The ever increasing demands for computational power tighten the reigns on available budgets. Constraints on expenses for acquisition and electrical power must be met, yielding continuously-increasing hardware and software complexity that application developers have to deal with. Thus, informed decision making on how to invest available budgets is more important than ever. Especially for HPC procurements, a quantitative metric helps to predict the cost effectiveness of an HPC center. However, prevailing metrics such as Linpack Flop/s, or Flop/s per watt only pick up part of the picture that HPC centers are concerned with, i.e., expenses for hardware, software, maintenance, infrastructure, energy, programming effort, as well as the value that researchers get from the HPC system in terms of scientific output.

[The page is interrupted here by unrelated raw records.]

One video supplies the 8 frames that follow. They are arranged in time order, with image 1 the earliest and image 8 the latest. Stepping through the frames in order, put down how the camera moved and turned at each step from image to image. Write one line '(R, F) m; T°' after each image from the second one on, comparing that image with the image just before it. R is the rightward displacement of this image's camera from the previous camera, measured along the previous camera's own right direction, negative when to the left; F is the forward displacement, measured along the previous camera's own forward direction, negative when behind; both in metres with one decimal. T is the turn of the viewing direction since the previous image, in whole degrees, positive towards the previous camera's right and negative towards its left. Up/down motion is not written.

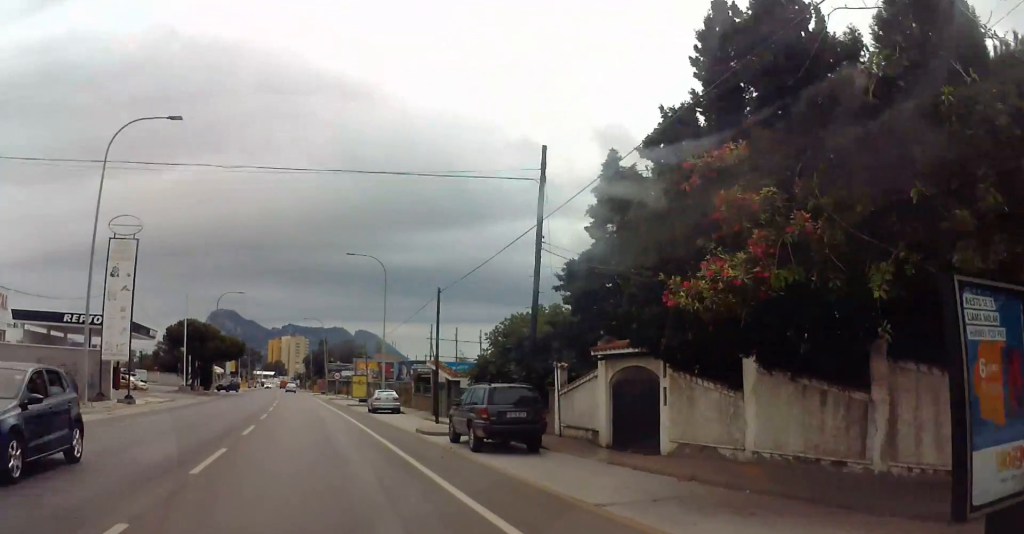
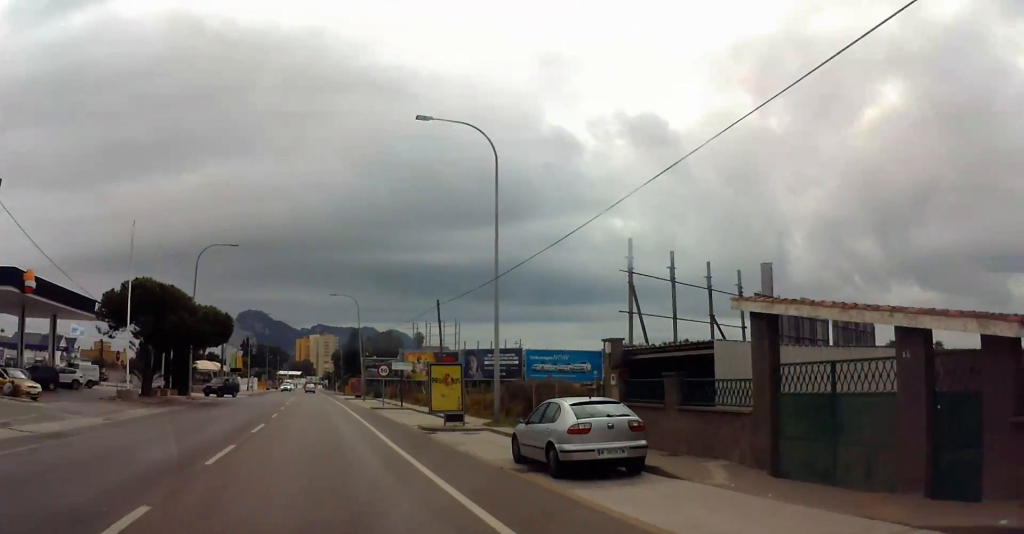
(-0.1, +29.3) m; -2°
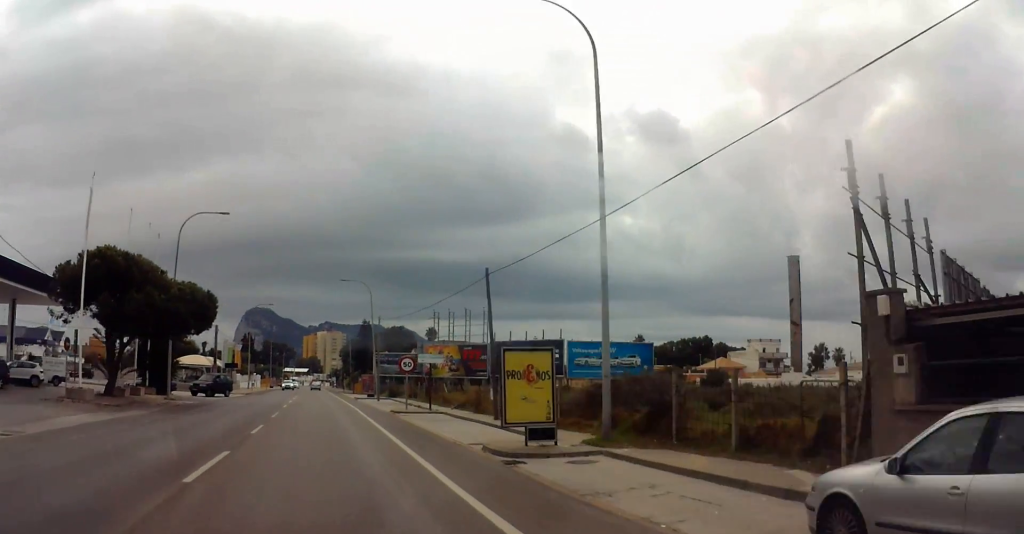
(0.0, +8.9) m; 0°
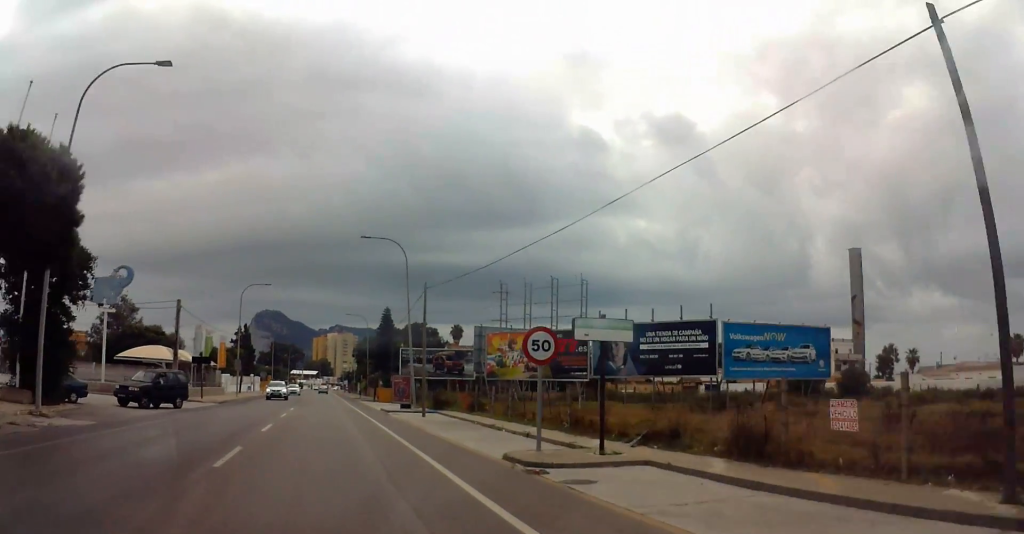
(0.0, +22.4) m; 0°
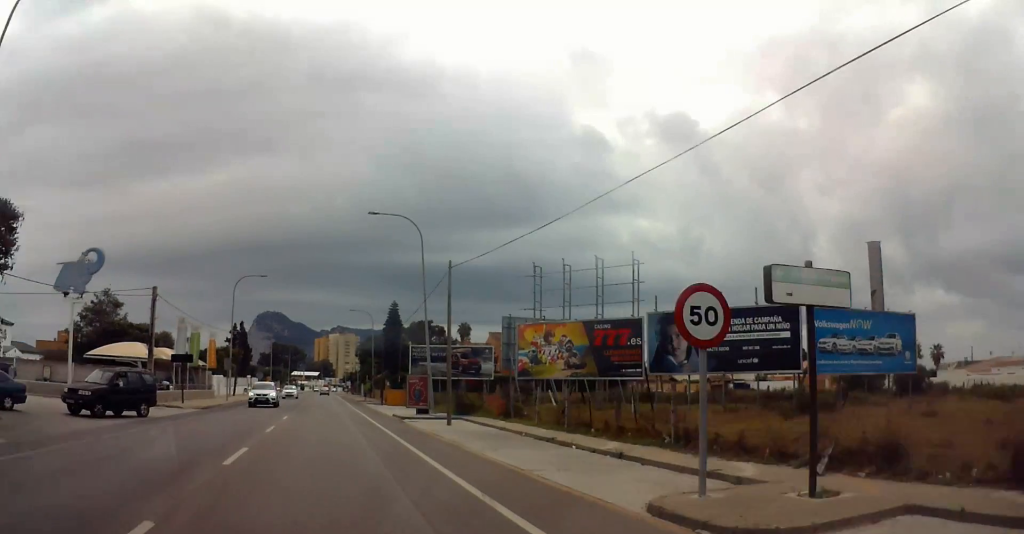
(0.0, +7.5) m; 0°
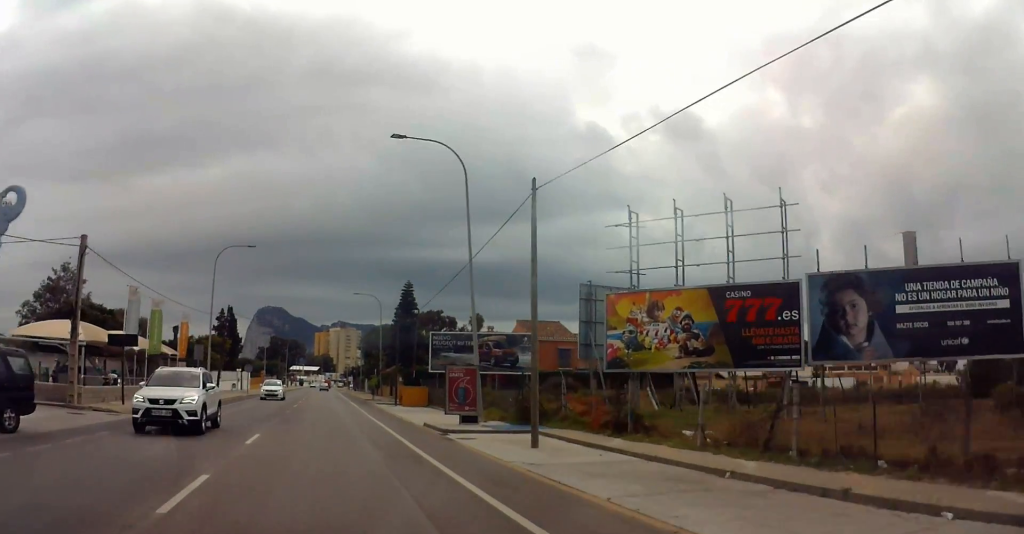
(0.0, +12.3) m; -1°
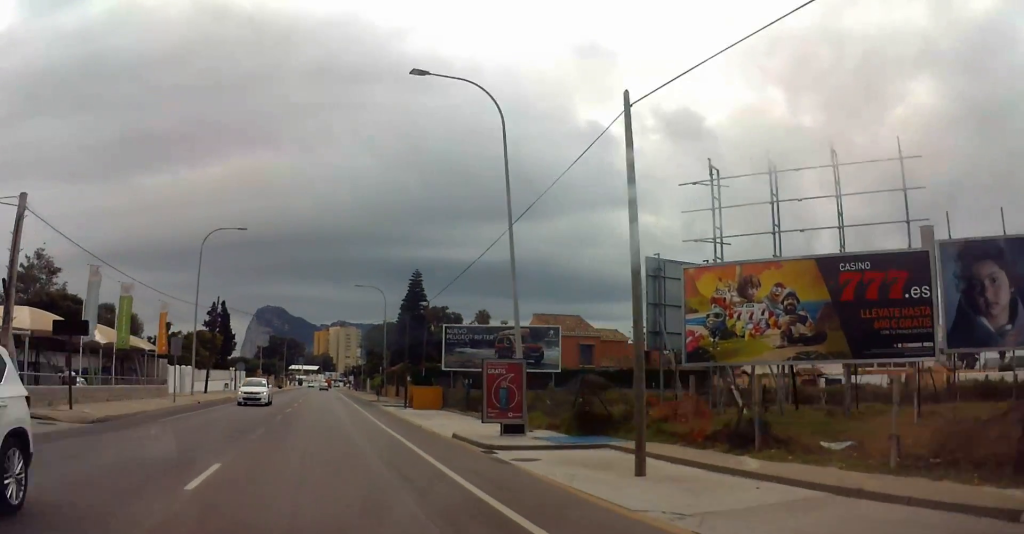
(-0.2, +6.5) m; 0°
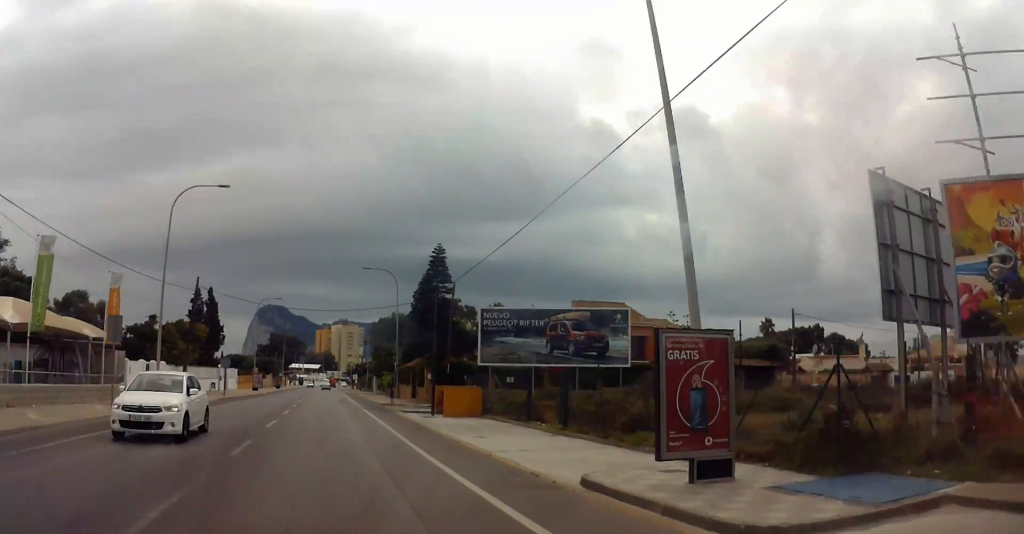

In this work, I set up methodologies to support the HPC procurement process of German HPC centers. I model cost effectiveness of HPC centers as a productivity figure of merit by defining a ratio of scientific outcome generated over the lifetime of the HPC system to its total cost of ownership (TCO). Scientific outcome is further defined as number of scientific-application runs to embrace the multi-job nature of an HPC system in a meaningful way. I investigate the predictability of the model's parameters and show their robustness towards errors in various real-world HPC setups. The TCO component of my productivity model covers one-time and annual expenses and distinguishes between node-based and node-type-based costs. Costs for development efforts needed to parallelize, port and tune simulation codes to efficiently exploit HPC systems must also be part of a sound productivity model. Since software cost models from mainstream software engineering do not focus on the laborious task of squeezing out the last percentage points of runtime performance, I introduce a methodology to estimate corresponding HPC efforts. It is based on so-called performance life-cycles that model the relationship of performance and effort required to achieve that performance. My methodology further covers the identification and quantification of various impact factors on HPC development effort and provides methods to collect required data sets from human subjects for statistically reliable results. Finally, I present the applicability of my methodologies and models in a case study that covers a real-world application from aeroacoustics simulation.